February 24 2024


An archive of Star Trek News

The Shipment

By Colin 'Zeke' Hayman
Posted at January 5, 2004 - 4:22 AM GMT

See Also: 'The Shipment' Episode Guide

Reptile Xindi: Now it's done? Do you realize how late this is?
Degra: Planet-destroying weapons are very complicated and time-consuming to build. Even the Empire took six years.
Reptile Xindi: Well, at least you're ready now. We will test the weapon on my mother-in-law's planet!
Degra: Umm... actually, we still need one more shipment of kemocite.
Reptile Xindi: Then hurry up and order it. She's coming to visit next week, and I'd rather not have to destroy my planet.

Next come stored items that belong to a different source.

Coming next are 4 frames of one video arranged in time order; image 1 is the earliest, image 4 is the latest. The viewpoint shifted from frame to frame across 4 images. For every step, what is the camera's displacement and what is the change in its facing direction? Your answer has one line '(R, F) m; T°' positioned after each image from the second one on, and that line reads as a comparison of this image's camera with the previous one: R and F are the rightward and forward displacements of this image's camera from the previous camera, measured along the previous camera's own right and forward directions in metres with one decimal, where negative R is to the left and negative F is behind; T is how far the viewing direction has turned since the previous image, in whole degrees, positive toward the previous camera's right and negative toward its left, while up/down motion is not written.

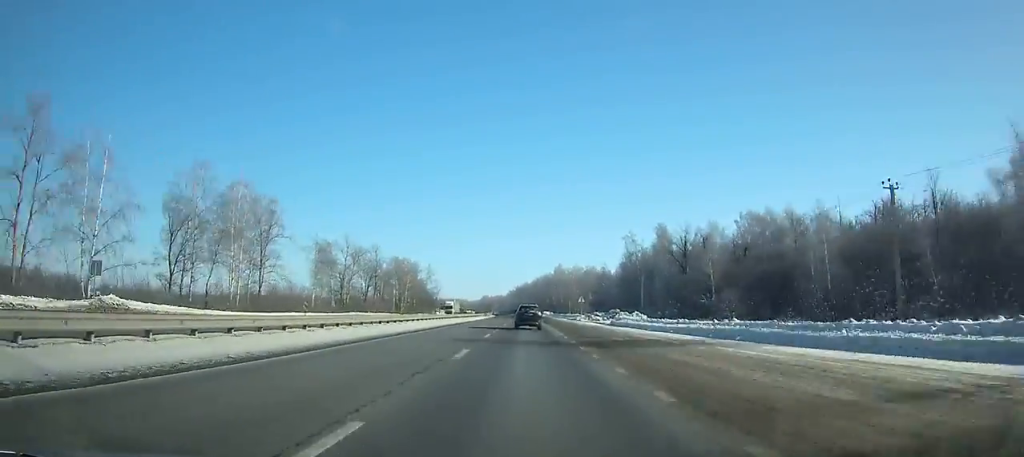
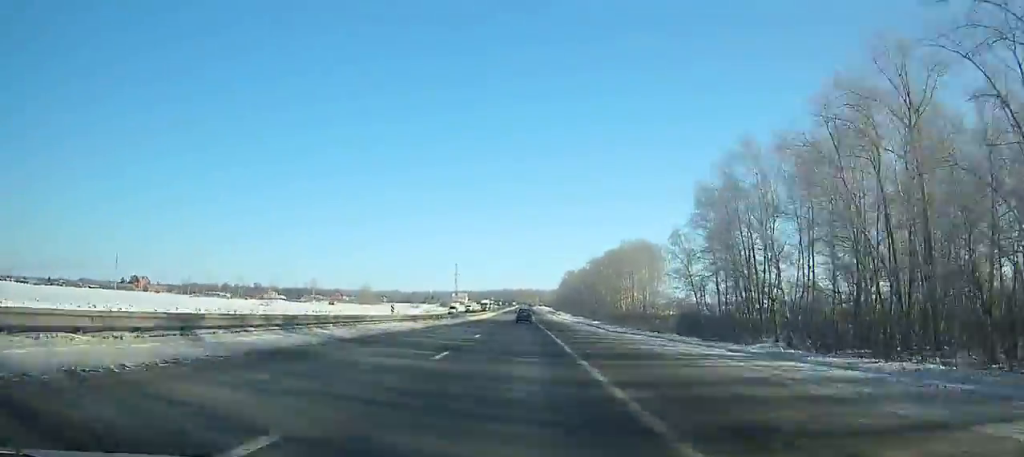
(-32.3, +449.3) m; -8°
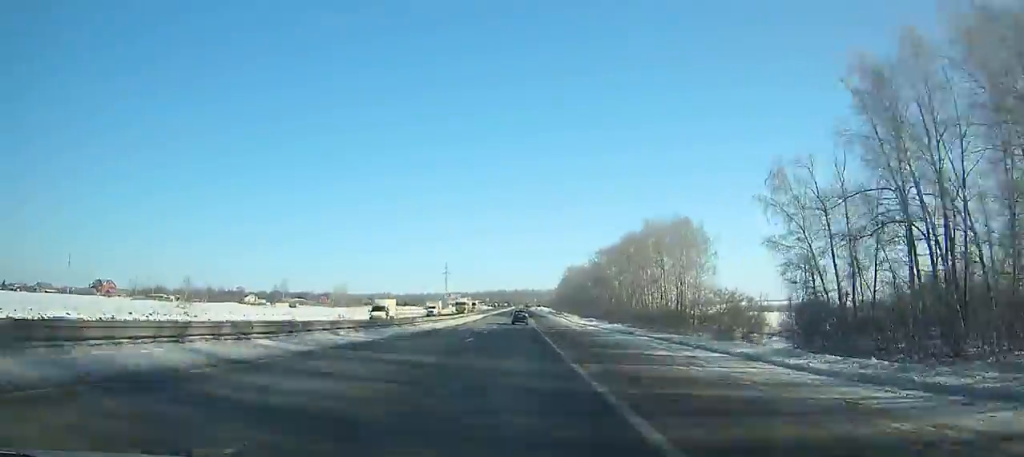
(-0.1, +36.3) m; 0°
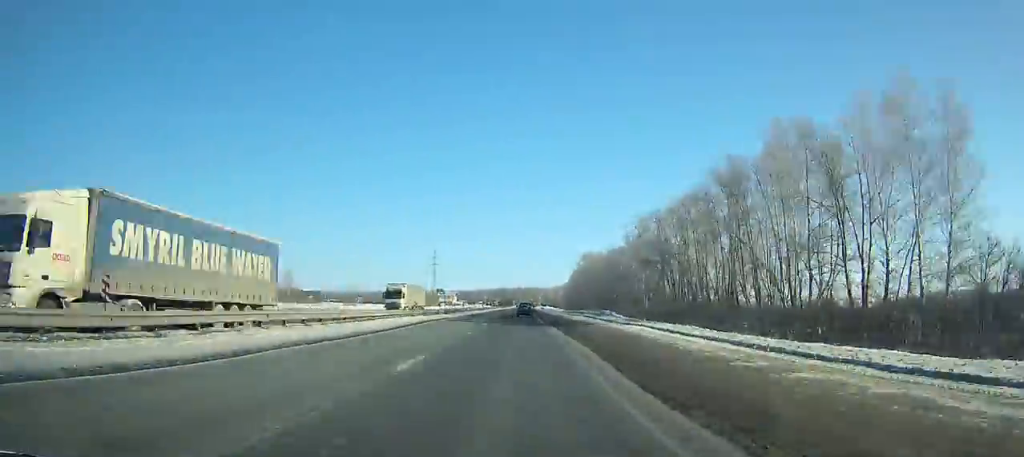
(-0.2, +62.3) m; 0°

Reed: We've arrived at the Xindi weapons plant.
Archer: Weapons plant? What are you talking about?
Sato: Remember last week, sir? My friendly telepathic stalker gave us the coordinates.
Archer: I don't remember anything like that! Am I... could I be losing my memory?
T'Pol: That would never happen. It's more likely you're just not used to our new serialization policy yet.
Archer: Well, if there is a Xindi weapons plant, we'd better prune it. Mr. Reed, find out which MACO's turn it is today and tell him to join us in the launch bay.
Reed: Aye sir. We should be fine as long as it isn't --

Major Hayes: This'll be a fun mission, don't you think?
Reed: Shut up shut up shut up shut up SHUT UP!
Archer: Shh, Malcolm. I'm trying to disguise our sensor readings as a meteor's, and it won't work if we don't sound like one.
Hayes: You should have consulted the ship's weatherman. Get it? Meteorology?
Reed: Must... control... rage... wait till... no witnesses....

Archer: They sure have a lot of canisters of this stuff we've never heard of. Let's beam one aboard.
T'Pol: (over the comm) I've talked to you about that habit of yours!
Archer: Oh, calm down. This is just raw material, like Trellium-D. Nice and safe. Besides, how dangerous can it be if it's used in weapons manufacture?
Reed: In my professional opinion, sir: not a bit.
T'Pol: Every day I have a new reason to wonder why I resigned from the Vulcan Science Directorate.

Archer: All right, let's discuss strategy. Clearly we can't just blow the place up yet....
Reed: What? Why?
Hayes: Obviously we need to gather information first. Right, sir?
Archer: Right.
Hayes: Hear that, Reed? I'm right.
Reed: Oh, yes. You're right. You're dead right....

Gralik: Home sweet home. Nothing like coming home after a hard day's -- AAAA!
Archer: Night?
Gralik: I was going to say "work," but I was distracted by the armed aliens in my house.
Archer: Aliens? Where? ...Ohhh, I get it. That's embarrassing. Anyway, hands up.
Hayes: (Pssst... Reed, shouldn't your gun be pointed at the Xindi, not at me?)
Reed: (I like it fine riiight where it is.)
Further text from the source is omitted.